8 Acetyl-coA + 7 ATP + 14 NADPH + 6H+ → palmitate + 14 NADP+ + 6H2O + 7ADP + 7P¡

=== Cholesterol biosynthesis ===
Cholesterol can be made from acetyl-CoA through a multiple-step pathway known as isoprenoid pathway. Cholesterol is an essential compound because it is a precursor for sex hormones, such as progesterone. 70% of cholesterol biosynthesis occurs in the cytosol of liver cells.

==Hormonal regulation of lipid metabolism==
Lipid metabolism is tightly regulated by hormones to ensure a balance between energy storage and utilization.

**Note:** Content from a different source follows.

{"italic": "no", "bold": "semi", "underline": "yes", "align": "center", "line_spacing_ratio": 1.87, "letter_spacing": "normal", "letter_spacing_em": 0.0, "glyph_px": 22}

- Insulin: promotes lipid synthesis, inhibiting lipid breakdown, and facilitating glucose transport and conversion into fatty acids.
- Glucagon: stimulates fatty acid oxidation and inhibits de novo fatty acid synthesis, reducing VLDL release and hepatic steatosis.
- Thyroid Hormone: promotes hepatic triglyceride synthesis, enhancing lipolysis, stimulating mitochondrial fatty acid β-oxidation, and regulating cholesterol levels through various mechanisms, including LDL receptor expression and bile acid excretion.
- Sex Hormone:
  - Estrogen: decreases triglyceride synthesis and enhances HDL cholesterol levels, potentially through promoting fatty acid oxidation and inhibiting lipogenesis.
  - Testosterone: stimulates de novo lipogenesis and fat accumulation which are then incorporated to triglycerides for energy storage.
- Adrenaline: stimulates lipolysis and inhibits lipogenesis via AMPK phosphorylation, influencing lipid turnover and accumulation in adipose tissue.

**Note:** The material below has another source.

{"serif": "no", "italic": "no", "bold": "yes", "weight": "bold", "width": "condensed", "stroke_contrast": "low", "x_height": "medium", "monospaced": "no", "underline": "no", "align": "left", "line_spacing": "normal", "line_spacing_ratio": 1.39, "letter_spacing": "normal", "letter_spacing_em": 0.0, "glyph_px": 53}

== Lipid metabolism disorders ==
Lipid metabolism disorders (including inborn errors of lipid metabolism) are illnesses that disrupt normal processes in breaking down or synthesizing fats (or fat-like substances). Lipid metabolism disorders are associated with an increase in the concentrations of plasma lipids in the blood such as LDL cholesterol, VLDL, and triglycerides, which most commonly leads to cardiovascular diseases. Often these disorders are hereditary. Gaucher's disease (types I, II, and III), Niemann–Pick disease, Tay–Sachs disease, and Fabry's disease are all disorders of lipid metabolism. Rarer disorders of lipid metabolism include sitosterolemia, Wolman's disease, Refsum's disease, and cerebrotendinous xanthomatosis.

== Types of lipids ==
The types of lipids involved in lipid metabolism include:
- Membrane lipids:
  - Phospholipids: Phospholipids are a major component of the lipid bilayer of the cell membrane and are found in many parts of the body.
  - Sphingolipids: Sphingolipids are mostly found in the cell membrane of neural tissue.
  - Glycolipids: The main role of glycolipids is to maintain lipid bilayer stability and facilitate cell recognition.
  - Glycerophospholipids: Neural tissue (including the brain) contains high amounts of glycerophospholipids.
- Other types of lipids:
  - Cholesterol: Cholesterol is the main precursor for different hormones in our body such as progesterone and testosterone. The main function of cholesterol is controlling the cell membrane fluidity.
  - Steroid – see also steroidogenesis: Steroids are one of the important cell signaling molecules.
  - Triacylglycerols (fats) – see also lipolysis and lipogenesis: Triacylglycerols are the major form of energy storage in human body.
  - Fatty acids – see also fatty acid metabolism: Fatty acids are one of the precursors used for lipid membrane and cholesterol biosynthesis. They are also used for energy.
  - Bile salts: Bile salts are secreted from liver and they facilitate lipid digestion in the small intestine.
  - Eicosanoids: Eicosanoids are made from fatty acids in the body and they are used for cell signaling.
  - Ketone bodies: Ketone bodies are made from fatty acids in the liver. Their function is to produce energy during periods of starvation or low food intake.